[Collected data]
-- Opening Marker --
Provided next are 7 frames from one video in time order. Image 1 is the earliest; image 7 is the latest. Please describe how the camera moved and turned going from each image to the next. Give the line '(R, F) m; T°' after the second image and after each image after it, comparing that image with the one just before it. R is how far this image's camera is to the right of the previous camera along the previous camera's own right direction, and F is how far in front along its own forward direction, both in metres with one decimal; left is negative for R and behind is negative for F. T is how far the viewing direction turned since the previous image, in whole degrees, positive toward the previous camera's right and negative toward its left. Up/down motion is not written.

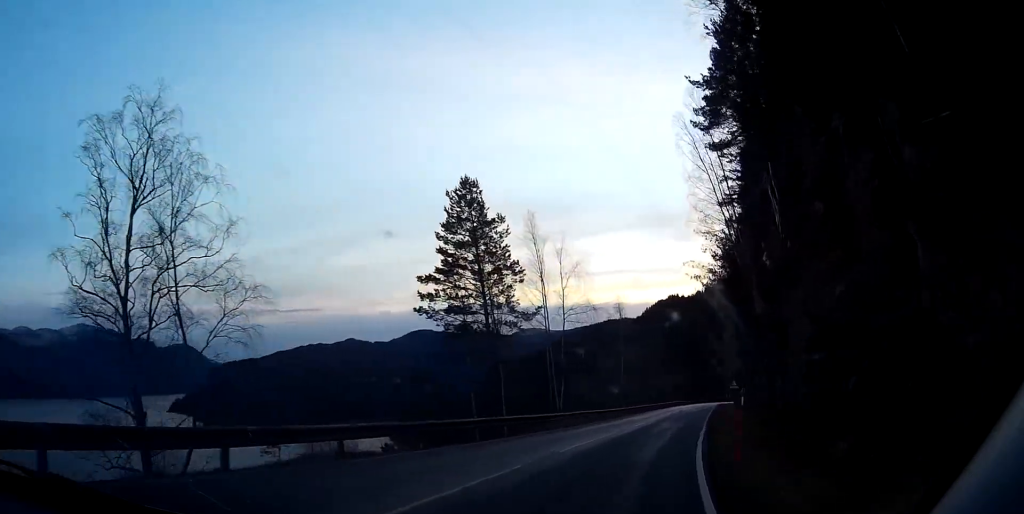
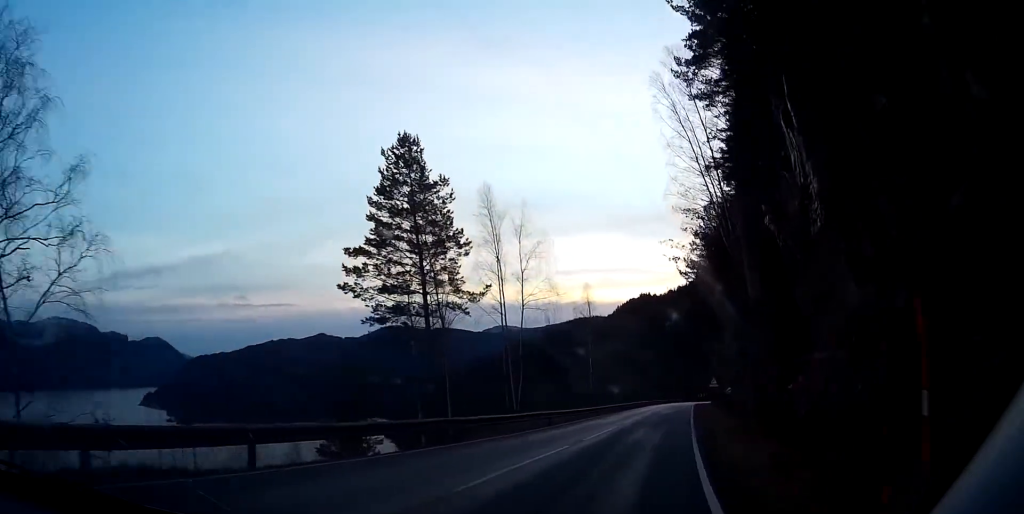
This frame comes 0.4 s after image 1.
(+0.1, +7.1) m; +1°
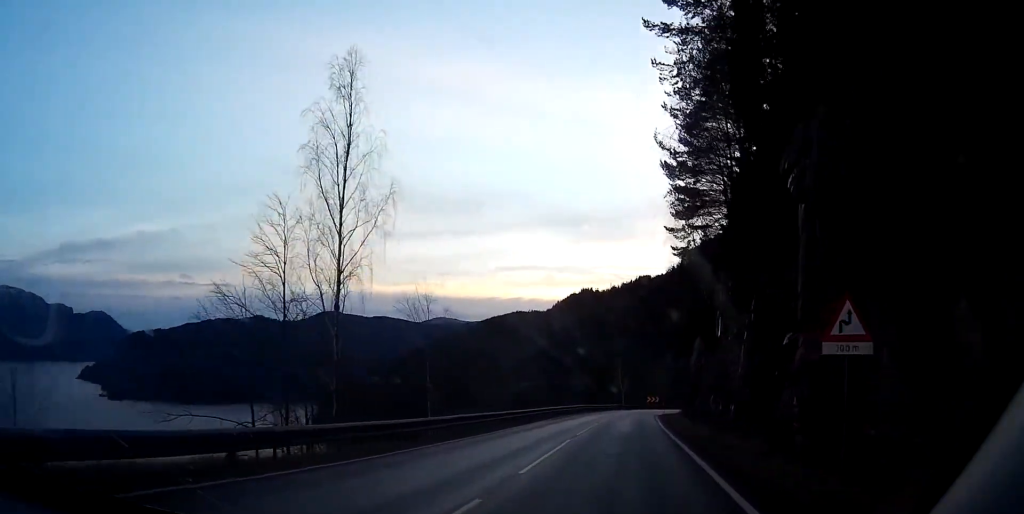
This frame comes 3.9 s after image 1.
(+1.5, +57.0) m; +1°
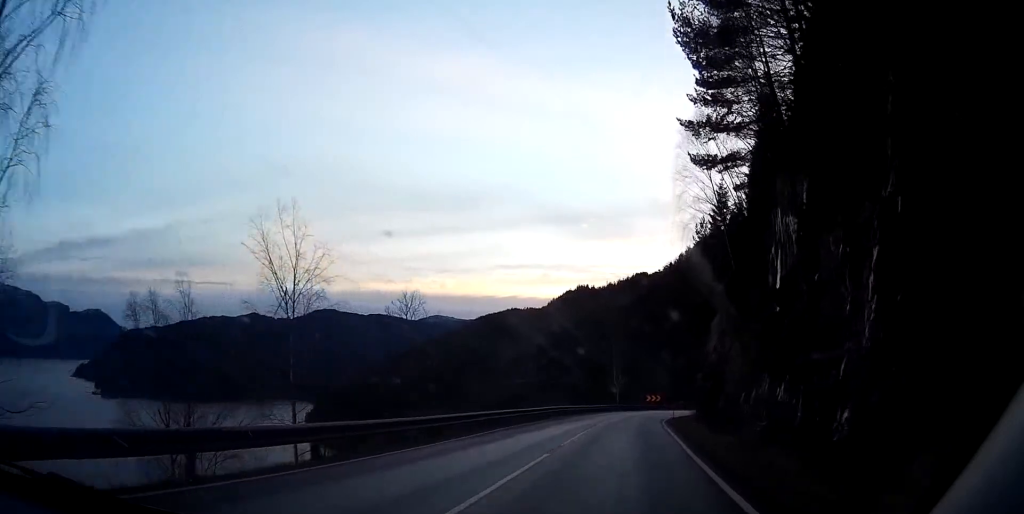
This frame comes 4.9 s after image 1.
(-0.1, +17.4) m; 0°
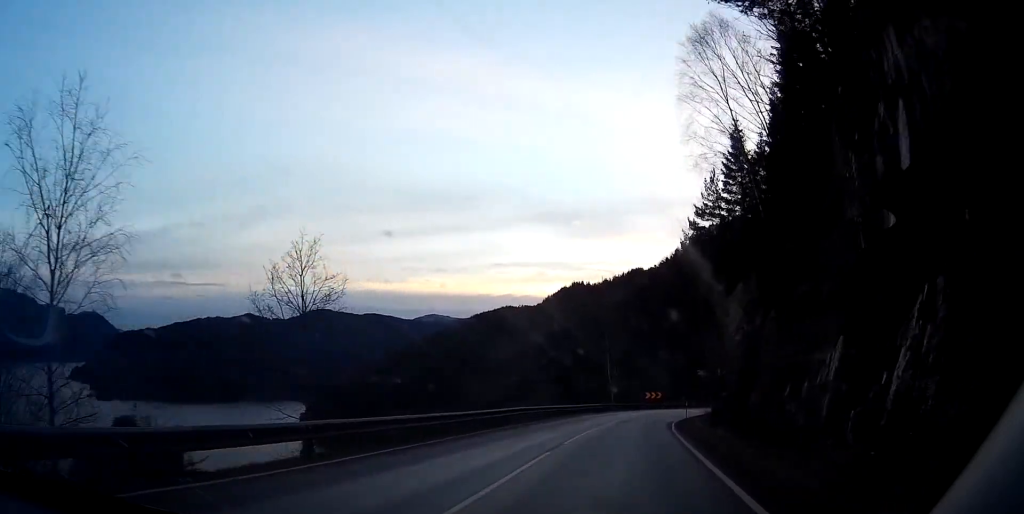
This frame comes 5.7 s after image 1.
(-0.1, +12.4) m; +1°
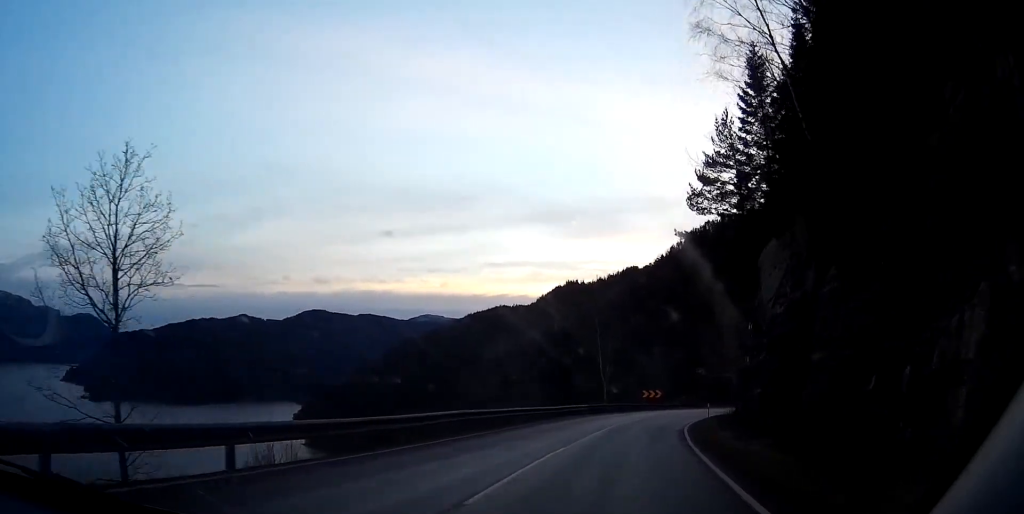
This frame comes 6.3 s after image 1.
(+0.2, +10.8) m; +3°
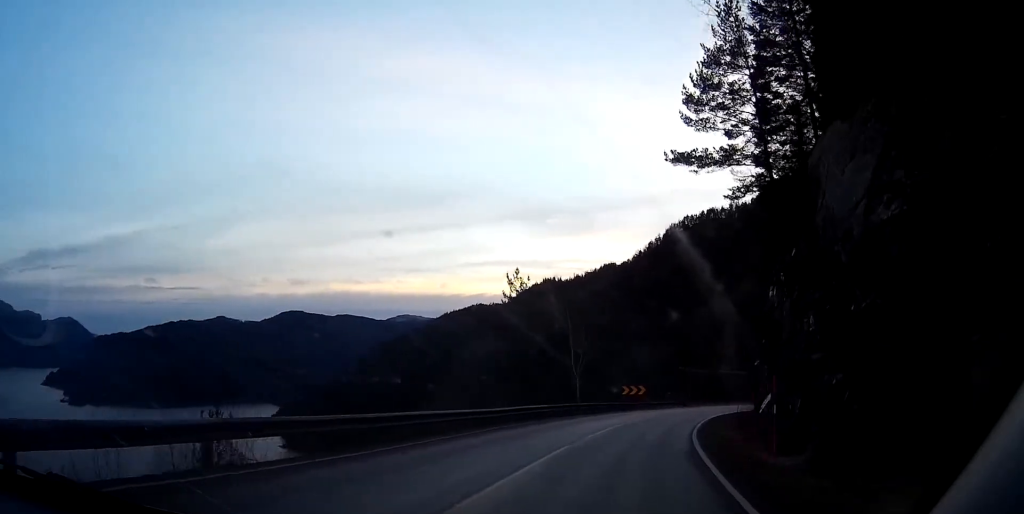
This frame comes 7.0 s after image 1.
(+0.4, +12.6) m; +4°
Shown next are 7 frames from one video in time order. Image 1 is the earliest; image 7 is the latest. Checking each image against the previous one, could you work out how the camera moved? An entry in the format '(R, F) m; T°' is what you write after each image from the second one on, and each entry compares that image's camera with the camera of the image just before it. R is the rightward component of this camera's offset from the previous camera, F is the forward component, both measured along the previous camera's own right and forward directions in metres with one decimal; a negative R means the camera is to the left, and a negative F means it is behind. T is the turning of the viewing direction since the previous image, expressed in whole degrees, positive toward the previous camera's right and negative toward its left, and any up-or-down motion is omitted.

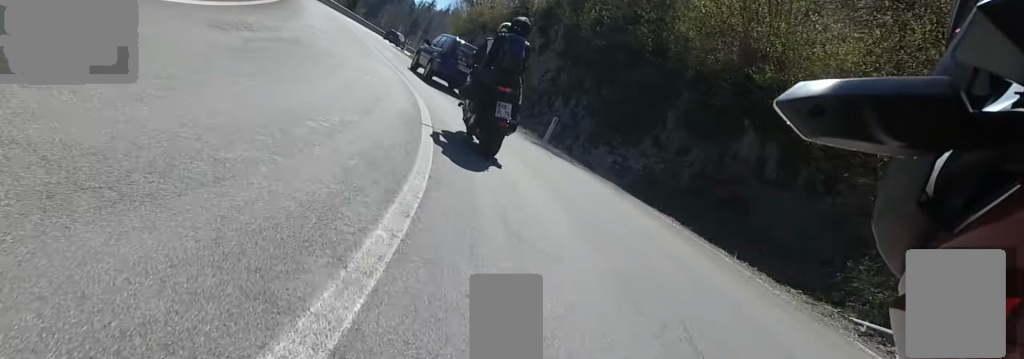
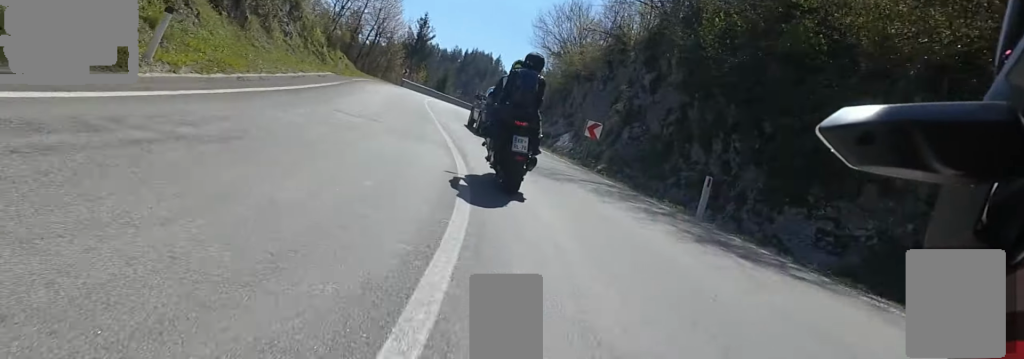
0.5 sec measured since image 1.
(-1.0, +5.4) m; -6°
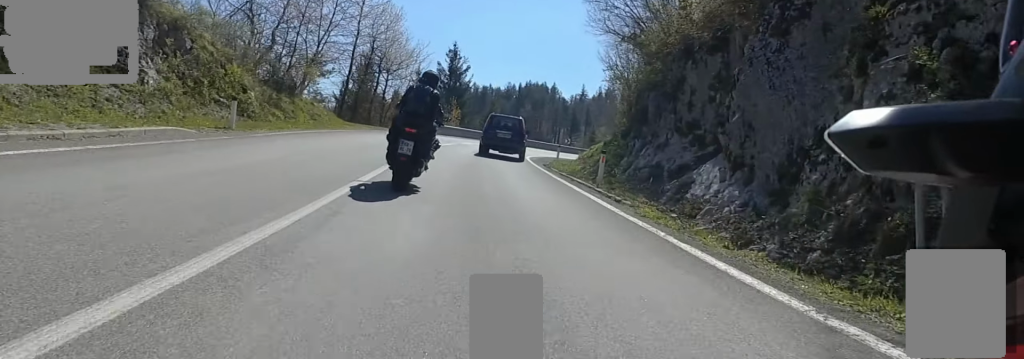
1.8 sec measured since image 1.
-- Closing Marker --
-- Task to complete --
Produce an exact copy of only those lines that run from the line with "0.5 sec measured since image 1." to the final line of the records, including both; exclude images.

-- Result --
0.5 sec measured since image 1.
(-1.0, +5.4) m; -6°
1.8 sec measured since image 1.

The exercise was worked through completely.